Blob Blame History Raw
From: Rob Clark <robdclark@gmail.com>
Date: Fri, 15 Sep 2017 11:04:44 -0400
Subject: drm/msm: dump submits which triggered gpu hang
Git-commit: 96169f4e755a507a5c0b4fc12882d1d42abd5ab5
Patch-mainline: v4.15-rc1
References: FATE#326289 FATE#326079 FATE#326049 FATE#322398 FATE#326166

Note we need to move update_fences() to after msm_rd_dump_submit(),
otherwise the bo's referenced by the submit may no longer be valid.

Signed-off-by: Rob Clark <robdclark@gmail.com>
Acked-by: Petr Tesarik <ptesarik@suse.com>
---
 drivers/gpu/drm/msm/msm_gpu.c |   47 ++++++++++++++++++++++++------------------
 1 file changed, 27 insertions(+), 20 deletions(-)

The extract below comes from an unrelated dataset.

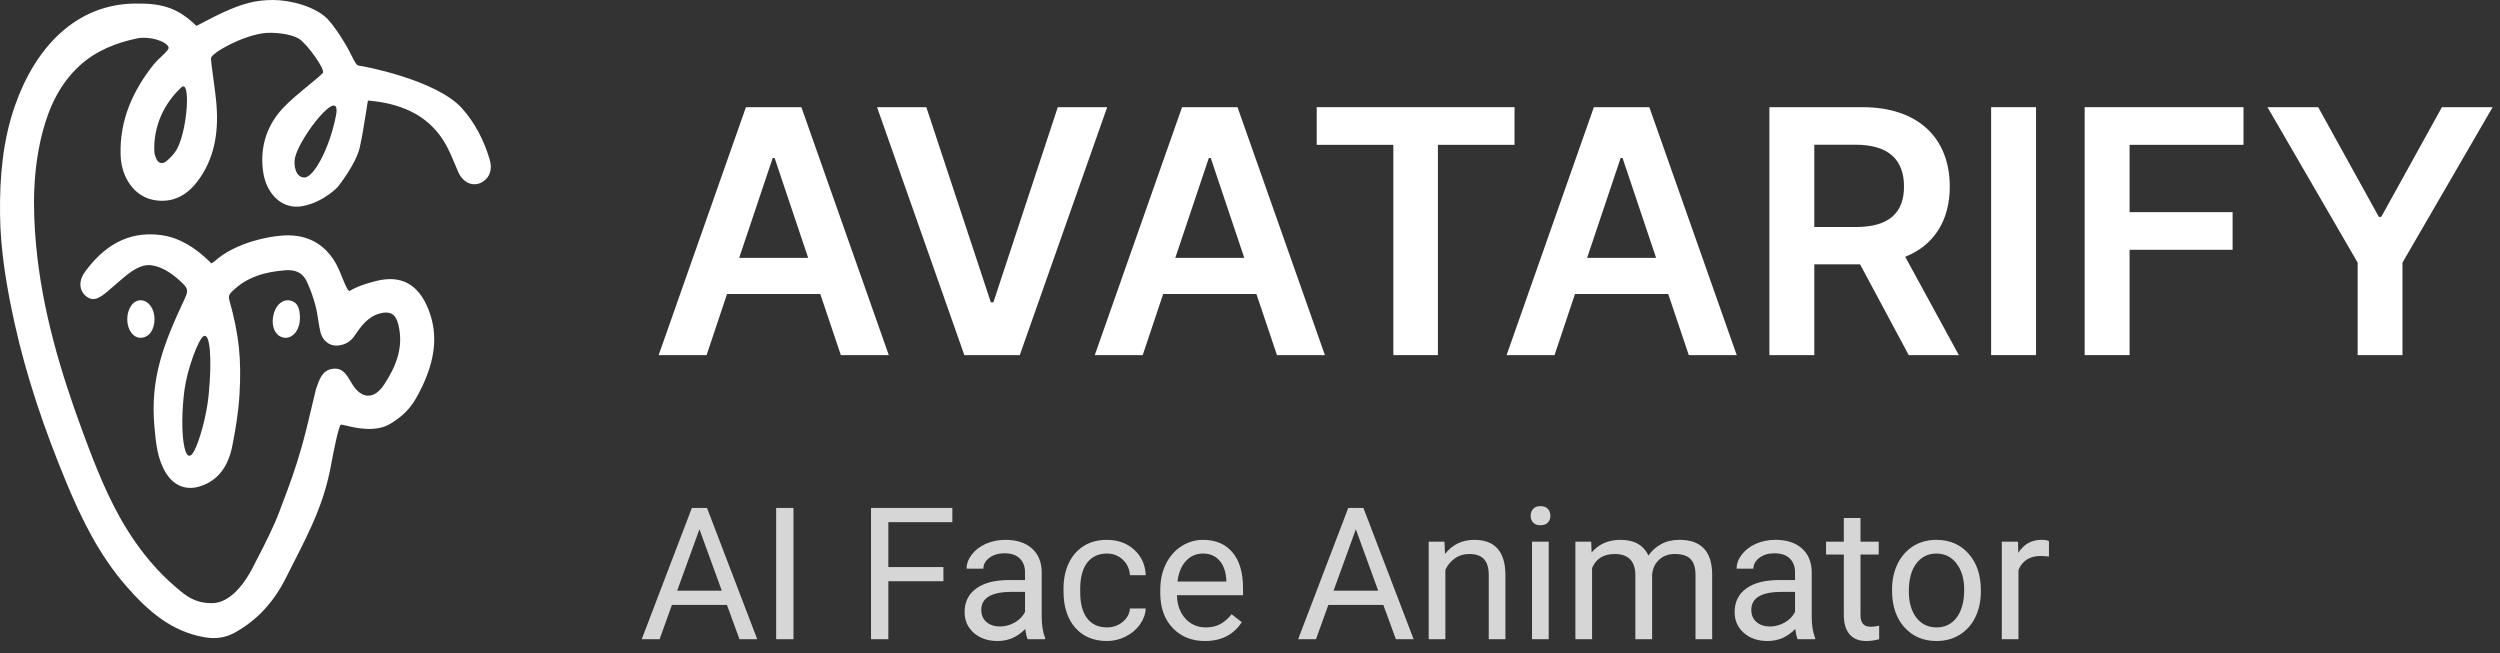 <?xml version="1.0" encoding="UTF-8"?> <svg xmlns="http://www.w3.org/2000/svg" width="176" height="46" viewBox="0 0 176 46" fill="none"><rect x="0" y="0" width="176" height="46" fill="#333333" stroke="none"/> <path d="M49.744 25L51.184 20.696H57.747L59.196 25H62.571L56.417 7.545H52.514L46.369 25H49.744ZM52.037 18.156L54.398 11.125H54.534L56.895 18.156H52.037Z" fill="white"></path> <path d="M65.213 7.545H61.744L67.889 25H71.792L77.946 7.545H74.469L69.934 21.284H69.755L65.213 7.545Z" fill="white"></path> <path d="M80.447 25L81.888 20.696H88.45L89.899 25H93.274L87.121 7.545H83.217L77.072 25H80.447ZM82.74 18.156L85.101 11.125H85.237L87.598 18.156H82.74Z" fill="white"></path> <path d="M92.697 10.196H98.091V25H101.228V10.196H106.623V7.545H92.697V10.196Z" fill="white"></path> <path d="M109.439 25L110.88 20.696H117.442L118.891 25H122.266L116.113 7.545H112.209L106.064 25H109.439ZM111.732 18.156L114.093 11.125H114.229L116.59 18.156H111.732Z" fill="white"></path> <path d="M124.565 25H127.727V18.608H130.949L134.375 25H137.903L134.128 18.079C136.182 17.253 137.264 15.497 137.264 13.128C137.264 9.795 135.116 7.545 131.111 7.545H124.565V25ZM127.727 15.983V10.188H130.625C132.986 10.188 134.042 11.27 134.042 13.128C134.042 14.986 132.986 15.983 130.642 15.983H127.727Z" fill="white"></path> <path d="M143.336 7.545H140.175V25H143.336V7.545Z" fill="white"></path> <path d="M146.76 25H149.922V17.585H157.175V14.935H149.922V10.196H157.942V7.545H146.76V25Z" fill="white"></path> <path d="M159.63 7.545L165.979 18.489V25H169.133V18.489L175.482 7.545H171.911L167.641 15.267H167.471L163.201 7.545H159.63Z" fill="white"></path> <path d="M51.176 42.588H47.304L46.435 45H45.178L48.707 35.758H49.773L53.309 45H52.059L51.176 42.588ZM47.672 41.585H50.815L49.24 37.262L47.672 41.585Z" fill="white" fill-opacity="0.8"></path> <path d="M55.861 45H54.642V35.758H55.861V45Z" fill="white" fill-opacity="0.8"></path> <path d="M66.417 40.919H62.539V45H61.32V35.758H67.045V36.761H62.539V39.922H66.417V40.919Z" fill="white" fill-opacity="0.8"></path> <path d="M72.346 45C72.278 44.865 72.223 44.623 72.181 44.276C71.635 44.843 70.983 45.127 70.226 45.127C69.549 45.127 68.992 44.937 68.556 44.556C68.124 44.171 67.909 43.684 67.909 43.096C67.909 42.38 68.18 41.826 68.721 41.433C69.267 41.035 70.033 40.836 71.019 40.836H72.162V40.296C72.162 39.886 72.039 39.56 71.793 39.319C71.548 39.073 71.186 38.951 70.708 38.951C70.289 38.951 69.938 39.056 69.654 39.268C69.371 39.48 69.229 39.736 69.229 40.036H68.048C68.048 39.693 68.169 39.363 68.41 39.046C68.656 38.724 68.986 38.47 69.4 38.284C69.819 38.098 70.278 38.005 70.778 38.005C71.569 38.005 72.189 38.204 72.638 38.602C73.086 38.995 73.319 39.539 73.336 40.233V43.394C73.336 44.025 73.416 44.526 73.577 44.898V45H72.346ZM70.397 44.105C70.765 44.105 71.114 44.01 71.444 43.819C71.774 43.629 72.013 43.381 72.162 43.077V41.667H71.241C69.802 41.667 69.083 42.089 69.083 42.931C69.083 43.299 69.206 43.587 69.451 43.794C69.697 44.001 70.012 44.105 70.397 44.105Z" fill="white" fill-opacity="0.8"></path> <path d="M77.932 44.169C78.351 44.169 78.717 44.041 79.03 43.788C79.343 43.534 79.516 43.216 79.55 42.835H80.661C80.64 43.229 80.505 43.603 80.255 43.959C80.005 44.315 79.671 44.598 79.252 44.81C78.837 45.021 78.397 45.127 77.932 45.127C76.996 45.127 76.252 44.816 75.697 44.194C75.147 43.568 74.872 42.713 74.872 41.629V41.433C74.872 40.764 74.995 40.169 75.24 39.649C75.486 39.128 75.837 38.724 76.294 38.437C76.755 38.149 77.299 38.005 77.925 38.005C78.695 38.005 79.335 38.236 79.842 38.697C80.354 39.158 80.627 39.757 80.661 40.493H79.55C79.516 40.049 79.347 39.685 79.043 39.401C78.742 39.114 78.37 38.97 77.925 38.97C77.329 38.97 76.865 39.185 76.535 39.617C76.209 40.045 76.046 40.665 76.046 41.477V41.699C76.046 42.491 76.209 43.1 76.535 43.527C76.861 43.955 77.326 44.169 77.932 44.169Z" fill="white" fill-opacity="0.8"></path> <path d="M84.832 45.127C83.901 45.127 83.143 44.822 82.559 44.213C81.975 43.599 81.683 42.78 81.683 41.756V41.541C81.683 40.859 81.812 40.252 82.07 39.719C82.333 39.181 82.697 38.762 83.162 38.462C83.632 38.157 84.14 38.005 84.686 38.005C85.579 38.005 86.272 38.299 86.768 38.887C87.263 39.475 87.51 40.318 87.51 41.414V41.902H82.857C82.874 42.579 83.071 43.127 83.448 43.546C83.829 43.961 84.311 44.169 84.895 44.169C85.31 44.169 85.661 44.084 85.949 43.915C86.237 43.745 86.488 43.521 86.704 43.242L87.421 43.8C86.846 44.685 85.983 45.127 84.832 45.127ZM84.686 38.97C84.212 38.97 83.814 39.143 83.492 39.49C83.171 39.833 82.972 40.315 82.895 40.938H86.336V40.849C86.302 40.252 86.141 39.791 85.853 39.465C85.566 39.135 85.176 38.97 84.686 38.97Z" fill="white" fill-opacity="0.8"></path> <path d="M97.387 42.588H93.515L92.645 45H91.389L94.918 35.758H95.984L99.52 45H98.269L97.387 42.588ZM93.883 41.585H97.025L95.451 37.262L93.883 41.585Z" fill="white" fill-opacity="0.8"></path> <path d="M101.691 38.132L101.729 38.995C102.254 38.335 102.939 38.005 103.786 38.005C105.237 38.005 105.969 38.824 105.982 40.461V45H104.808V40.455C104.803 39.96 104.689 39.594 104.465 39.357C104.245 39.12 103.9 39.002 103.43 39.002C103.049 39.002 102.715 39.103 102.427 39.306C102.139 39.509 101.915 39.776 101.754 40.106V45H100.58V38.132H101.691Z" fill="white" fill-opacity="0.8"></path> <path d="M109.029 45H107.854V38.132H109.029V45ZM107.759 36.31C107.759 36.12 107.816 35.959 107.931 35.828C108.049 35.697 108.223 35.631 108.451 35.631C108.68 35.631 108.853 35.697 108.972 35.828C109.09 35.959 109.149 36.12 109.149 36.31C109.149 36.501 109.09 36.659 108.972 36.786C108.853 36.913 108.68 36.977 108.451 36.977C108.223 36.977 108.049 36.913 107.931 36.786C107.816 36.659 107.759 36.501 107.759 36.31Z" fill="white" fill-opacity="0.8"></path> <path d="M112.019 38.132L112.05 38.894C112.554 38.301 113.233 38.005 114.088 38.005C115.049 38.005 115.702 38.373 116.049 39.109C116.278 38.779 116.574 38.513 116.938 38.31C117.306 38.106 117.74 38.005 118.239 38.005C119.746 38.005 120.512 38.803 120.537 40.398V45H119.363V40.468C119.363 39.977 119.251 39.611 119.026 39.37C118.802 39.124 118.425 39.002 117.896 39.002C117.461 39.002 117.099 39.133 116.811 39.395C116.523 39.653 116.356 40.002 116.31 40.442V45H115.129V40.499C115.129 39.501 114.64 39.002 113.663 39.002C112.892 39.002 112.366 39.329 112.082 39.985V45H110.908V38.132H112.019Z" fill="white" fill-opacity="0.8"></path> <path d="M126.555 45C126.487 44.865 126.432 44.623 126.39 44.276C125.844 44.843 125.192 45.127 124.435 45.127C123.757 45.127 123.201 44.937 122.765 44.556C122.333 44.171 122.118 43.684 122.118 43.096C122.118 42.38 122.389 41.826 122.93 41.433C123.476 41.035 124.242 40.836 125.228 40.836H126.371V40.296C126.371 39.886 126.248 39.56 126.002 39.319C125.757 39.073 125.395 38.951 124.917 38.951C124.498 38.951 124.147 39.056 123.863 39.268C123.58 39.48 123.438 39.736 123.438 40.036H122.257C122.257 39.693 122.378 39.363 122.619 39.046C122.865 38.724 123.195 38.47 123.609 38.284C124.028 38.098 124.487 38.005 124.987 38.005C125.778 38.005 126.398 38.204 126.847 38.602C127.295 38.995 127.528 39.539 127.545 40.233V43.394C127.545 44.025 127.625 44.526 127.786 44.898V45H126.555ZM124.606 44.105C124.974 44.105 125.323 44.01 125.653 43.819C125.983 43.629 126.222 43.381 126.371 43.077V41.667H125.45C124.011 41.667 123.292 42.089 123.292 42.931C123.292 43.299 123.415 43.587 123.66 43.794C123.906 44.001 124.221 44.105 124.606 44.105Z" fill="white" fill-opacity="0.8"></path> <path d="M130.979 36.469V38.132H132.261V39.04H130.979V43.299C130.979 43.574 131.036 43.781 131.15 43.921C131.265 44.056 131.459 44.124 131.734 44.124C131.87 44.124 132.056 44.099 132.293 44.048V45C131.984 45.085 131.684 45.127 131.392 45.127C130.867 45.127 130.471 44.968 130.205 44.651C129.938 44.334 129.805 43.883 129.805 43.299V39.04H128.554V38.132H129.805V36.469H130.979Z" fill="white" fill-opacity="0.8"></path> <path d="M133.201 41.502C133.201 40.83 133.332 40.224 133.594 39.687C133.861 39.15 134.229 38.735 134.699 38.443C135.173 38.151 135.712 38.005 136.317 38.005C137.253 38.005 138.008 38.329 138.583 38.976C139.163 39.623 139.453 40.485 139.453 41.56V41.642C139.453 42.311 139.324 42.912 139.066 43.445C138.812 43.974 138.446 44.386 137.968 44.683C137.494 44.979 136.948 45.127 136.33 45.127C135.399 45.127 134.644 44.803 134.064 44.156C133.488 43.508 133.201 42.651 133.201 41.585V41.502ZM134.381 41.642C134.381 42.404 134.557 43.015 134.908 43.477C135.264 43.938 135.738 44.169 136.33 44.169C136.927 44.169 137.401 43.936 137.752 43.47C138.103 43.001 138.279 42.345 138.279 41.502C138.279 40.749 138.099 40.14 137.739 39.674C137.384 39.205 136.91 38.97 136.317 38.97C135.738 38.97 135.27 39.2 134.915 39.662C134.559 40.123 134.381 40.783 134.381 41.642Z" fill="white" fill-opacity="0.8"></path> <path d="M144.246 39.185C144.068 39.156 143.875 39.141 143.668 39.141C142.898 39.141 142.375 39.469 142.1 40.125V45H140.926V38.132H142.068L142.087 38.925C142.472 38.312 143.018 38.005 143.725 38.005C143.954 38.005 144.127 38.035 144.246 38.094V39.185Z" fill="white" fill-opacity="0.8"></path> <path fill-rule="evenodd" clip-rule="evenodd" d="M23.647 8.168C24.105 5.86 21.128 9.566 20.769 11.1C20.658 11.572 20.781 12.497 21.43 12.497C22.079 12.497 23.188 10.483 23.647 8.168ZM14.321 23.675C13.948 23.916 13.173 26.013 12.983 27.48C12.607 30.386 12.983 33.06 13.674 31.739C14.048 31.024 14.541 29.301 14.687 27.832C14.937 25.298 14.797 23.367 14.321 23.675ZM12.764 6.152C11.542 7.29 10.789 8.896 10.865 10.666C10.872 10.823 10.924 10.982 10.982 11.131C11.114 11.473 11.401 11.598 11.694 11.362C12.002 11.114 12.294 10.805 12.473 10.467C13.21 9.072 13.434 5.528 12.764 6.152ZM15.091 18.411C16.579 17.027 19.216 16.553 20.331 16.568C21.863 16.589 23.006 17.324 23.726 18.696C23.843 18.919 23.965 19.221 24.083 19.514C24.299 20.048 24.501 20.549 24.633 20.472C25.22 20.129 25.797 19.955 26.479 19.782C28.258 19.332 29.462 20.026 30.157 21.77C30.909 23.654 30.554 25.445 29.73 27.194C29.543 27.592 29.336 27.982 29.097 28.346C28.714 28.933 28.168 29.421 27.484 29.83C26.432 30.46 25.038 30.125 24.371 29.964C24.158 29.913 24.019 29.88 23.988 29.901C23.844 30 23.482 31.765 23.311 32.71C22.827 35.372 21.863 37.266 20.726 39.502C20.533 39.881 20.335 40.27 20.133 40.674C19.3 42.344 18.125 43.664 16.5 44.551C15.843 44.91 15.16 44.991 14.415 44.865C12.045 44.465 10.374 42.975 8.857 41.227C6.994 39.082 5.75 36.569 4.664 33.949C3.156 30.307 1.872 26.589 1.021 22.728C0.468 20.217 0.034 17.683 0.003 15.097C-0.029 12.472 0.192 9.877 1.071 7.387C2.509 3.315 5.36 0.287 9.516 0.25C11.29 0.234 12.439 0.471 13.83 1.823C14.025 1.724 14.22 1.622 14.415 1.52L14.415 1.52C14.85 1.294 15.287 1.065 15.735 0.862C17.044 0.267 17.971 0.001 19.216 9.31395e-07C20.461 -0.001 22.238 0.468 23.083 1.363C23.56 1.87 24.244 2.918 24.633 3.685L24.712 3.842C24.961 4.335 25.105 4.621 25.26 4.621C25.431 4.621 30.706 5.598 32.52 7.621C33.441 8.647 34.066 9.875 34.468 11.208C34.678 11.9 34.497 12.452 34.015 12.777C33.379 13.205 32.607 12.904 32.259 12.105C32.186 11.937 32.115 11.768 32.044 11.598C31.84 11.109 31.635 10.619 31.377 10.162C30.368 8.372 28.747 7.523 26.819 7.191C26.586 7.151 26.352 7.126 26.145 7.103L26.145 7.103C26.058 7.094 25.977 7.085 25.902 7.075C25.842 7.429 25.787 7.778 25.733 8.122L25.733 8.122C25.611 8.89 25.493 9.637 25.329 10.373C25.064 11.557 23.778 13.16 23.778 13.16C23.778 13.16 22.808 14.213 21.326 14.506C19.843 14.798 18.76 13.628 18.534 12.149C18.308 10.67 18.595 9.033 19.912 7.618C20.395 7.099 21.148 6.48 21.762 5.974C22.207 5.609 22.579 5.302 22.727 5.135C22.922 4.913 21.668 3.159 21.092 2.76C20.516 2.362 19.2 2.245 18.532 2.34C16.937 2.564 14.903 3.732 14.856 4.09C14.841 4.207 14.915 4.751 15.004 5.405L15.004 5.405C15.096 6.078 15.203 6.869 15.245 7.432C15.391 9.372 15.086 11.224 13.879 12.798C13.094 13.822 12.037 14.337 10.745 14.063C9.443 13.787 8.542 12.493 8.491 10.926C8.411 8.462 9.349 6.383 10.834 4.519C10.951 4.371 11.135 4.197 11.316 4.026C11.622 3.736 11.918 3.455 11.868 3.326C11.689 2.866 10.462 2.535 9.659 2.702C8.163 3.012 6.744 3.577 5.597 4.63C4.237 5.879 3.464 7.504 2.996 9.3C2.308 11.935 2.291 14.608 2.543 17.29C2.969 21.825 4.25 26.152 5.815 30.383C6.708 32.799 7.64 35.218 9.027 37.41C9.971 38.899 11.083 40.245 12.425 41.378C13.152 41.994 13.742 42.464 14.927 42.462C16.251 42.46 17.277 40.965 17.778 39.986C17.89 39.766 18.003 39.547 18.116 39.328L18.116 39.328C18.683 38.229 19.251 37.127 19.685 35.975L19.847 35.544C20.399 34.082 20.773 33.089 21.231 31.482C21.494 30.556 21.716 29.617 21.938 28.678L21.938 28.677C22.036 28.26 22.135 27.843 22.237 27.427C22.246 27.39 22.258 27.356 22.27 27.322L22.299 27.239C22.505 26.654 22.716 26.051 23.439 25.961C24.118 25.876 24.412 26.384 24.693 26.87C24.716 26.91 24.74 26.95 24.763 26.99C25.415 28.092 26.326 28.165 27.038 27.081C27.875 25.806 28.448 24.44 28.037 22.83C27.883 22.227 27.585 21.851 26.755 22.065C25.925 22.277 25.438 22.929 24.99 23.599C24.665 24.087 24.224 24.32 23.674 24.33C23.164 24.34 22.692 23.948 22.557 23.377C22.491 23.096 22.447 22.811 22.403 22.525L22.403 22.525C22.352 22.193 22.3 21.862 22.215 21.539C22.057 20.942 21.851 20.348 21.587 19.796C21.284 19.159 20.75 18.974 20.062 19.029C18.685 19.139 17.408 19.476 16.373 20.487C16.183 20.67 16.053 20.803 16.146 21.131C16.826 23.547 17.008 25.28 16.861 27.765C16.79 28.969 16.596 30.173 16.362 31.359C16.093 32.726 15.434 33.839 14.021 34.255C13.072 34.535 12.232 34.174 11.696 33.32C11.088 32.349 10.985 31.244 10.881 30.143L10.877 30.097C10.546 26.581 11.554 24.142 12.998 21.042C13.278 20.44 13.244 20.298 12.715 19.811C11.973 19.128 11.393 18.84 10.891 18.717C10.159 18.538 9.565 18.814 8.633 19.599C8.411 19.786 8.212 19.961 8.031 20.119L8.031 20.119C7.371 20.697 6.96 21.057 6.557 21.057C6.044 21.057 5.163 20.24 6.014 19.091C7.678 16.843 9.522 16.319 11.307 16.547C12.628 16.717 13.725 17.43 14.689 18.353C14.714 18.377 14.738 18.401 14.766 18.428L14.767 18.429C14.799 18.46 14.835 18.496 14.882 18.542C14.917 18.52 14.948 18.502 14.976 18.487C15.021 18.461 15.059 18.44 15.091 18.411ZM21.116 22.355C21.136 23.337 20.454 24.019 19.767 23.704C19.251 23.464 19.056 22.738 19.304 21.978C19.516 21.33 20.049 20.997 20.564 21.197C20.942 21.343 21.103 21.679 21.116 22.355ZM9.897 21.139C9.363 21.143 8.952 21.739 8.959 22.498C8.965 23.229 9.387 23.797 9.913 23.781C10.488 23.763 10.877 23.231 10.878 22.458C10.879 21.725 10.44 21.137 9.897 21.139Z" fill="white"></path> </svg>

--- a/drivers/gpu/drm/msm/msm_gpu.c
+++ b/drivers/gpu/drm/msm/msm_gpu.c
@@ -257,34 +257,16 @@ static void recover_worker(struct work_s
 {
 	struct msm_gpu *gpu = container_of(work, struct msm_gpu, recover_work);
 	struct drm_device *dev = gpu->dev;
+	struct msm_drm_private *priv = dev->dev_private;
 	struct msm_gem_submit *submit;
 	struct msm_ringbuffer *cur_ring = gpu->funcs->active_ring(gpu);
-	uint64_t fence;
 	int i;
 
-	/* Update all the rings with the latest and greatest fence */
-	for (i = 0; i < ARRAY_SIZE(gpu->rb); i++) {
-		struct msm_ringbuffer *ring = gpu->rb[i];
-
-		fence = ring->memptrs->fence;
-
-		/*
-		 * For the current (faulting?) ring/submit advance the fence by
-		 * one more to clear the faulting submit
-		 */
-		if (ring == cur_ring)
-			fence = fence + 1;
-
-		update_fences(gpu, ring, fence);
-	}
-
 	mutex_lock(&dev->struct_mutex);
 
-
 	dev_err(dev->dev, "%s: hangcheck recover!\n", gpu->name);
-	fence = cur_ring->memptrs->fence + 1;
 
-	submit = find_submit(cur_ring, fence);
+	submit = find_submit(cur_ring, cur_ring->memptrs->fence + 1);
 	if (submit) {
 		struct task_struct *task;
 
@@ -309,9 +291,34 @@ static void recover_worker(struct work_s
 
 			dev_err(dev->dev, "%s: offending task: %s (%s)\n",
 				gpu->name, task->comm, cmd);
+
+			msm_rd_dump_submit(priv->hangrd, submit,
+				"offending task: %s (%s)", task->comm, cmd);
+		} else {
+			msm_rd_dump_submit(priv->hangrd, submit, NULL);
 		}
 		rcu_read_unlock();
+	}
+
+
+	/*
+	 * Update all the rings with the latest and greatest fence.. this
+	 * needs to happen after msm_rd_dump_submit() to ensure that the
+	 * bo's referenced by the offending submit are still around.
+	 */
+	for (i = 0; i < ARRAY_SIZE(gpu->rb); i++) {
+		struct msm_ringbuffer *ring = gpu->rb[i];
+
+		uint32_t fence = ring->memptrs->fence;
 
+		/*
+		 * For the current (faulting?) ring/submit advance the fence by
+		 * one more to clear the faulting submit
+		 */
+		if (ring == cur_ring)
+			fence++;
+
+		update_fences(gpu, ring, fence);
 	}
 
 	if (msm_gpu_active(gpu)) {